In the data below, the answer is the run of lines from the line containing "<path class='bond-17' d='M 106.366,440.981" through the line containing "<path class='bond-22' d='M 191.832,337.929", both included; print it exactly and nothing else.
◇ ◇ ◇ ◇
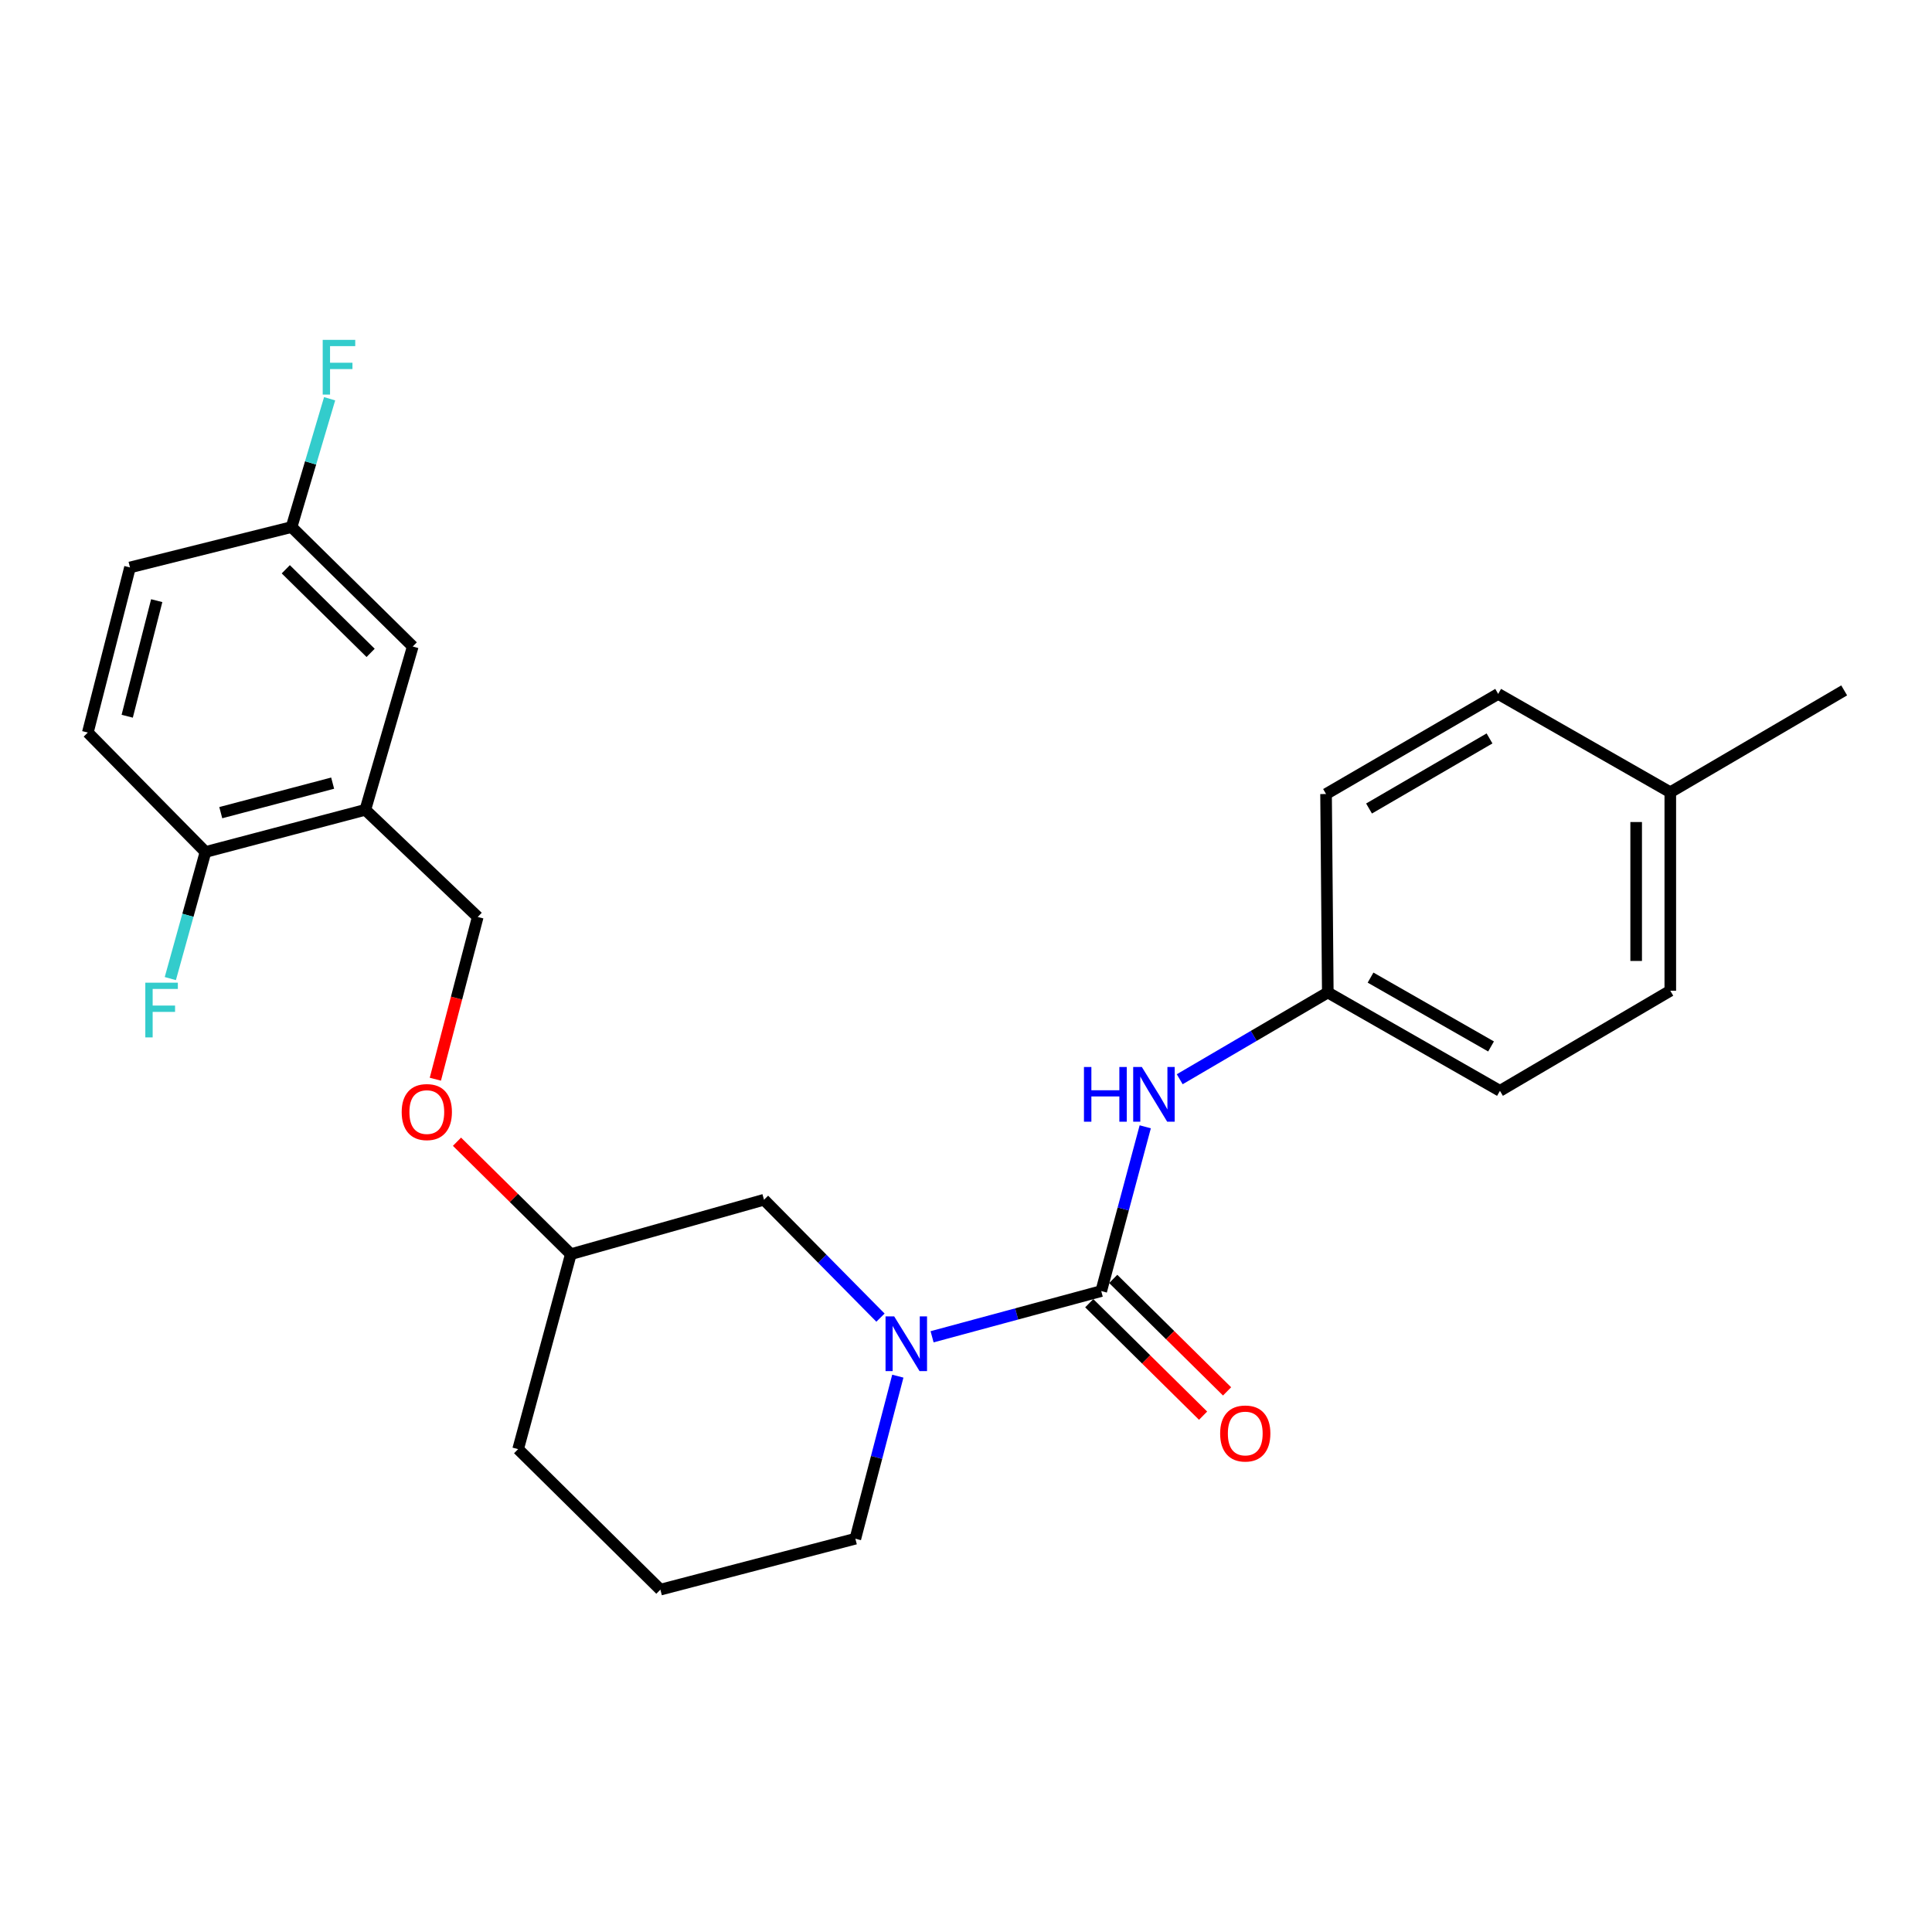 <?xml version='1.0' encoding='iso-8859-1'?>
<svg version='1.1' baseProfile='full'
              xmlns='http://www.w3.org/2000/svg'
                      xmlns:rdkit='http://www.rdkit.org/xml'
                      xmlns:xlink='http://www.w3.org/1999/xlink'
                  xml:space='preserve'
width='1000px' height='1000px' viewBox='0 0 1000 1000'>
<!-- END OF HEADER -->
<rect style='opacity:1.0;fill:#FFFFFF;stroke:none' width='1000' height='1000' x='0' y='0'> </rect>
<path class='bond-0' d='M 864.543,512.796 L 864.543,410.074' style='fill:none;fill-rule:evenodd;stroke:#000000;stroke-width:6px;stroke-linecap:butt;stroke-linejoin:miter;stroke-opacity:1' />
<path class='bond-0' d='M 846.877,497.388 L 846.877,425.482' style='fill:none;fill-rule:evenodd;stroke:#000000;stroke-width:6px;stroke-linecap:butt;stroke-linejoin:miter;stroke-opacity:1' />
<path class='bond-1' d='M 864.543,512.796 L 776.367,564.619' style='fill:none;fill-rule:evenodd;stroke:#000000;stroke-width:6px;stroke-linecap:butt;stroke-linejoin:miter;stroke-opacity:1' />
<path class='bond-2' d='M 464.712,712.297 L 453.721,754.366' style='fill:none;fill-rule:evenodd;stroke:#0000FF;stroke-width:6px;stroke-linecap:butt;stroke-linejoin:miter;stroke-opacity:1' />
<path class='bond-2' d='M 453.721,754.366 L 442.73,796.436' style='fill:none;fill-rule:evenodd;stroke:#000000;stroke-width:6px;stroke-linecap:butt;stroke-linejoin:miter;stroke-opacity:1' />
<path class='bond-3' d='M 482.446,691.92 L 526.223,680.087' style='fill:none;fill-rule:evenodd;stroke:#0000FF;stroke-width:6px;stroke-linecap:butt;stroke-linejoin:miter;stroke-opacity:1' />
<path class='bond-3' d='M 526.223,680.087 L 570,668.254' style='fill:none;fill-rule:evenodd;stroke:#000000;stroke-width:6px;stroke-linecap:butt;stroke-linejoin:miter;stroke-opacity:1' />
<path class='bond-4' d='M 455.733,682.006 L 425.593,651.496' style='fill:none;fill-rule:evenodd;stroke:#0000FF;stroke-width:6px;stroke-linecap:butt;stroke-linejoin:miter;stroke-opacity:1' />
<path class='bond-4' d='M 425.593,651.496 L 395.452,620.986' style='fill:none;fill-rule:evenodd;stroke:#000000;stroke-width:6px;stroke-linecap:butt;stroke-linejoin:miter;stroke-opacity:1' />
<path class='bond-5' d='M 563.792,674.538 L 593.254,703.643' style='fill:none;fill-rule:evenodd;stroke:#000000;stroke-width:6px;stroke-linecap:butt;stroke-linejoin:miter;stroke-opacity:1' />
<path class='bond-5' d='M 593.254,703.643 L 622.716,732.748' style='fill:none;fill-rule:evenodd;stroke:#FF0000;stroke-width:6px;stroke-linecap:butt;stroke-linejoin:miter;stroke-opacity:1' />
<path class='bond-5' d='M 576.207,661.97 L 605.67,691.075' style='fill:none;fill-rule:evenodd;stroke:#000000;stroke-width:6px;stroke-linecap:butt;stroke-linejoin:miter;stroke-opacity:1' />
<path class='bond-5' d='M 605.67,691.075 L 635.132,720.18' style='fill:none;fill-rule:evenodd;stroke:#FF0000;stroke-width:6px;stroke-linecap:butt;stroke-linejoin:miter;stroke-opacity:1' />
<path class='bond-6' d='M 570,668.254 L 581.388,625.742' style='fill:none;fill-rule:evenodd;stroke:#000000;stroke-width:6px;stroke-linecap:butt;stroke-linejoin:miter;stroke-opacity:1' />
<path class='bond-6' d='M 581.388,625.742 L 592.776,583.23' style='fill:none;fill-rule:evenodd;stroke:#0000FF;stroke-width:6px;stroke-linecap:butt;stroke-linejoin:miter;stroke-opacity:1' />
<path class='bond-7' d='M 610.623,558.614 L 648.945,536.162' style='fill:none;fill-rule:evenodd;stroke:#0000FF;stroke-width:6px;stroke-linecap:butt;stroke-linejoin:miter;stroke-opacity:1' />
<path class='bond-7' d='M 648.945,536.162 L 687.267,513.709' style='fill:none;fill-rule:evenodd;stroke:#000000;stroke-width:6px;stroke-linecap:butt;stroke-linejoin:miter;stroke-opacity:1' />
<path class='bond-8' d='M 864.543,410.074 L 775.454,359.165' style='fill:none;fill-rule:evenodd;stroke:#000000;stroke-width:6px;stroke-linecap:butt;stroke-linejoin:miter;stroke-opacity:1' />
<path class='bond-9' d='M 864.543,410.074 L 954.545,357.349' style='fill:none;fill-rule:evenodd;stroke:#000000;stroke-width:6px;stroke-linecap:butt;stroke-linejoin:miter;stroke-opacity:1' />
<path class='bond-10' d='M 775.454,359.165 L 686.364,410.987' style='fill:none;fill-rule:evenodd;stroke:#000000;stroke-width:6px;stroke-linecap:butt;stroke-linejoin:miter;stroke-opacity:1' />
<path class='bond-10' d='M 770.973,382.209 L 708.611,418.485' style='fill:none;fill-rule:evenodd;stroke:#000000;stroke-width:6px;stroke-linecap:butt;stroke-linejoin:miter;stroke-opacity:1' />
<path class='bond-11' d='M 189.095,419.163 L 106.366,440.981' style='fill:none;fill-rule:evenodd;stroke:#000000;stroke-width:6px;stroke-linecap:butt;stroke-linejoin:miter;stroke-opacity:1' />
<path class='bond-11' d='M 172.18,405.353 L 114.27,420.626' style='fill:none;fill-rule:evenodd;stroke:#000000;stroke-width:6px;stroke-linecap:butt;stroke-linejoin:miter;stroke-opacity:1' />
<path class='bond-12' d='M 189.095,419.163 L 213.642,334.618' style='fill:none;fill-rule:evenodd;stroke:#000000;stroke-width:6px;stroke-linecap:butt;stroke-linejoin:miter;stroke-opacity:1' />
<path class='bond-13' d='M 189.095,419.163 L 247.277,474.617' style='fill:none;fill-rule:evenodd;stroke:#000000;stroke-width:6px;stroke-linecap:butt;stroke-linejoin:miter;stroke-opacity:1' />
<path class='bond-14' d='M 236.534,590.954 L 265.996,620.059' style='fill:none;fill-rule:evenodd;stroke:#FF0000;stroke-width:6px;stroke-linecap:butt;stroke-linejoin:miter;stroke-opacity:1' />
<path class='bond-14' d='M 265.996,620.059 L 295.458,649.164' style='fill:none;fill-rule:evenodd;stroke:#000000;stroke-width:6px;stroke-linecap:butt;stroke-linejoin:miter;stroke-opacity:1' />
<path class='bond-15' d='M 225.337,558.596 L 236.307,516.606' style='fill:none;fill-rule:evenodd;stroke:#FF0000;stroke-width:6px;stroke-linecap:butt;stroke-linejoin:miter;stroke-opacity:1' />
<path class='bond-15' d='M 236.307,516.606 L 247.277,474.617' style='fill:none;fill-rule:evenodd;stroke:#000000;stroke-width:6px;stroke-linecap:butt;stroke-linejoin:miter;stroke-opacity:1' />
<path class='bond-16' d='M 106.366,440.981 L 45.455,379.167' style='fill:none;fill-rule:evenodd;stroke:#000000;stroke-width:6px;stroke-linecap:butt;stroke-linejoin:miter;stroke-opacity:1' />
<path class='bond-17' d='M 106.366,440.981 L 97.262,473.748' style='fill:none;fill-rule:evenodd;stroke:#000000;stroke-width:6px;stroke-linecap:butt;stroke-linejoin:miter;stroke-opacity:1' />
<path class='bond-17' d='M 97.262,473.748 L 88.158,506.515' style='fill:none;fill-rule:evenodd;stroke:#33CCCC;stroke-width:6px;stroke-linecap:butt;stroke-linejoin:miter;stroke-opacity:1' />
<path class='bond-18' d='M 295.458,649.164 L 268.183,750.07' style='fill:none;fill-rule:evenodd;stroke:#000000;stroke-width:6px;stroke-linecap:butt;stroke-linejoin:miter;stroke-opacity:1' />
<path class='bond-19' d='M 295.458,649.164 L 395.452,620.986' style='fill:none;fill-rule:evenodd;stroke:#000000;stroke-width:6px;stroke-linecap:butt;stroke-linejoin:miter;stroke-opacity:1' />
<path class='bond-20' d='M 268.183,750.07 L 341.814,822.799' style='fill:none;fill-rule:evenodd;stroke:#000000;stroke-width:6px;stroke-linecap:butt;stroke-linejoin:miter;stroke-opacity:1' />
<path class='bond-21' d='M 341.814,822.799 L 442.73,796.436' style='fill:none;fill-rule:evenodd;stroke:#000000;stroke-width:6px;stroke-linecap:butt;stroke-linejoin:miter;stroke-opacity:1' />
<path class='bond-22' d='M 213.642,334.618 L 150.915,272.804' style='fill:none;fill-rule:evenodd;stroke:#000000;stroke-width:6px;stroke-linecap:butt;stroke-linejoin:miter;stroke-opacity:1' />
<path class='bond-22' d='M 191.832,337.929 L 147.924,294.659' style='fill:none;fill-rule:evenodd;stroke:#000000;stroke-width:6px;stroke-linecap:butt;stroke-linejoin:miter;stroke-opacity:1' />
<path class='bond-23' d='M 45.455,379.167 L 67.273,293.709' style='fill:none;fill-rule:evenodd;stroke:#000000;stroke-width:6px;stroke-linecap:butt;stroke-linejoin:miter;stroke-opacity:1' />
<path class='bond-23' d='M 65.845,370.719 L 81.118,310.898' style='fill:none;fill-rule:evenodd;stroke:#000000;stroke-width:6px;stroke-linecap:butt;stroke-linejoin:miter;stroke-opacity:1' />
<path class='bond-24' d='M 150.915,272.804 L 67.273,293.709' style='fill:none;fill-rule:evenodd;stroke:#000000;stroke-width:6px;stroke-linecap:butt;stroke-linejoin:miter;stroke-opacity:1' />
<path class='bond-25' d='M 150.915,272.804 L 160.764,239.598' style='fill:none;fill-rule:evenodd;stroke:#000000;stroke-width:6px;stroke-linecap:butt;stroke-linejoin:miter;stroke-opacity:1' />
<path class='bond-25' d='M 160.764,239.598 L 170.613,206.392' style='fill:none;fill-rule:evenodd;stroke:#33CCCC;stroke-width:6px;stroke-linecap:butt;stroke-linejoin:miter;stroke-opacity:1' />
<path class='bond-26' d='M 686.364,410.987 L 687.267,513.709' style='fill:none;fill-rule:evenodd;stroke:#000000;stroke-width:6px;stroke-linecap:butt;stroke-linejoin:miter;stroke-opacity:1' />
<path class='bond-27' d='M 687.267,513.709 L 776.367,564.619' style='fill:none;fill-rule:evenodd;stroke:#000000;stroke-width:6px;stroke-linecap:butt;stroke-linejoin:miter;stroke-opacity:1' />
<path class='bond-27' d='M 709.397,506.006 L 771.766,541.643' style='fill:none;fill-rule:evenodd;stroke:#000000;stroke-width:6px;stroke-linecap:butt;stroke-linejoin:miter;stroke-opacity:1' />
<path  class='atom-1' d='M 462.833 681.369
L 472.113 696.369
Q 473.033 697.849, 474.513 700.529
Q 475.993 703.209, 476.073 703.369
L 476.073 681.369
L 479.833 681.369
L 479.833 709.689
L 475.953 709.689
L 465.993 693.289
Q 464.833 691.369, 463.593 689.169
Q 462.393 686.969, 462.033 686.289
L 462.033 709.689
L 458.353 709.689
L 458.353 681.369
L 462.833 681.369
' fill='#0000FF'/>
<path  class='atom-3' d='M 631.543 741.975
Q 631.543 735.175, 634.903 731.375
Q 638.263 727.575, 644.543 727.575
Q 650.823 727.575, 654.183 731.375
Q 657.543 735.175, 657.543 741.975
Q 657.543 748.855, 654.143 752.775
Q 650.743 756.655, 644.543 756.655
Q 638.303 756.655, 634.903 752.775
Q 631.543 748.895, 631.543 741.975
M 644.543 753.455
Q 648.863 753.455, 651.183 750.575
Q 653.543 747.655, 653.543 741.975
Q 653.543 736.415, 651.183 733.615
Q 648.863 730.775, 644.543 730.775
Q 640.223 730.775, 637.863 733.575
Q 635.543 736.375, 635.543 741.975
Q 635.543 747.695, 637.863 750.575
Q 640.223 753.455, 644.543 753.455
' fill='#FF0000'/>
<path  class='atom-4' d='M 561.055 552.275
L 564.895 552.275
L 564.895 564.315
L 579.375 564.315
L 579.375 552.275
L 583.215 552.275
L 583.215 580.595
L 579.375 580.595
L 579.375 567.515
L 564.895 567.515
L 564.895 580.595
L 561.055 580.595
L 561.055 552.275
' fill='#0000FF'/>
<path  class='atom-4' d='M 591.015 552.275
L 600.295 567.275
Q 601.215 568.755, 602.695 571.435
Q 604.175 574.115, 604.255 574.275
L 604.255 552.275
L 608.015 552.275
L 608.015 580.595
L 604.135 580.595
L 594.175 564.195
Q 593.015 562.275, 591.775 560.075
Q 590.575 557.875, 590.215 557.195
L 590.215 580.595
L 586.535 580.595
L 586.535 552.275
L 591.015 552.275
' fill='#0000FF'/>
<path  class='atom-8' d='M 207.915 575.603
Q 207.915 568.803, 211.275 565.003
Q 214.635 561.203, 220.915 561.203
Q 227.195 561.203, 230.555 565.003
Q 233.915 568.803, 233.915 575.603
Q 233.915 582.483, 230.515 586.403
Q 227.115 590.283, 220.915 590.283
Q 214.675 590.283, 211.275 586.403
Q 207.915 582.523, 207.915 575.603
M 220.915 587.083
Q 225.235 587.083, 227.555 584.203
Q 229.915 581.283, 229.915 575.603
Q 229.915 570.043, 227.555 567.243
Q 225.235 564.403, 220.915 564.403
Q 216.595 564.403, 214.235 567.203
Q 211.915 570.003, 211.915 575.603
Q 211.915 581.323, 214.235 584.203
Q 216.595 587.083, 220.915 587.083
' fill='#FF0000'/>
<path  class='atom-18' d='M 75.214 508.638
L 92.054 508.638
L 92.054 511.878
L 79.014 511.878
L 79.014 520.478
L 90.614 520.478
L 90.614 523.758
L 79.014 523.758
L 79.014 536.958
L 75.214 536.958
L 75.214 508.638
' fill='#33CCCC'/>
<path  class='atom-20' d='M 167.032 175.914
L 183.872 175.914
L 183.872 179.154
L 170.832 179.154
L 170.832 187.754
L 182.432 187.754
L 182.432 191.034
L 170.832 191.034
L 170.832 204.234
L 167.032 204.234
L 167.032 175.914
' fill='#33CCCC'/>
</svg>
◇ ◇ ◇ ◇
* EXERCISE SOLUTION *
<path class='bond-17' d='M 106.366,440.981 L 97.262,473.748' style='fill:none;fill-rule:evenodd;stroke:#000000;stroke-width:6px;stroke-linecap:butt;stroke-linejoin:miter;stroke-opacity:1' />
<path class='bond-17' d='M 97.262,473.748 L 88.158,506.515' style='fill:none;fill-rule:evenodd;stroke:#33CCCC;stroke-width:6px;stroke-linecap:butt;stroke-linejoin:miter;stroke-opacity:1' />
<path class='bond-18' d='M 295.458,649.164 L 268.183,750.07' style='fill:none;fill-rule:evenodd;stroke:#000000;stroke-width:6px;stroke-linecap:butt;stroke-linejoin:miter;stroke-opacity:1' />
<path class='bond-19' d='M 295.458,649.164 L 395.452,620.986' style='fill:none;fill-rule:evenodd;stroke:#000000;stroke-width:6px;stroke-linecap:butt;stroke-linejoin:miter;stroke-opacity:1' />
<path class='bond-20' d='M 268.183,750.07 L 341.814,822.799' style='fill:none;fill-rule:evenodd;stroke:#000000;stroke-width:6px;stroke-linecap:butt;stroke-linejoin:miter;stroke-opacity:1' />
<path class='bond-21' d='M 341.814,822.799 L 442.73,796.436' style='fill:none;fill-rule:evenodd;stroke:#000000;stroke-width:6px;stroke-linecap:butt;stroke-linejoin:miter;stroke-opacity:1' />
<path class='bond-22' d='M 213.642,334.618 L 150.915,272.804' style='fill:none;fill-rule:evenodd;stroke:#000000;stroke-width:6px;stroke-linecap:butt;stroke-linejoin:miter;stroke-opacity:1' />
<path class='bond-22' d='M 191.832,337.929 L 147.924,294.659' style='fill:none;fill-rule:evenodd;stroke:#000000;stroke-width:6px;stroke-linecap:butt;stroke-linejoin:miter;stroke-opacity:1' />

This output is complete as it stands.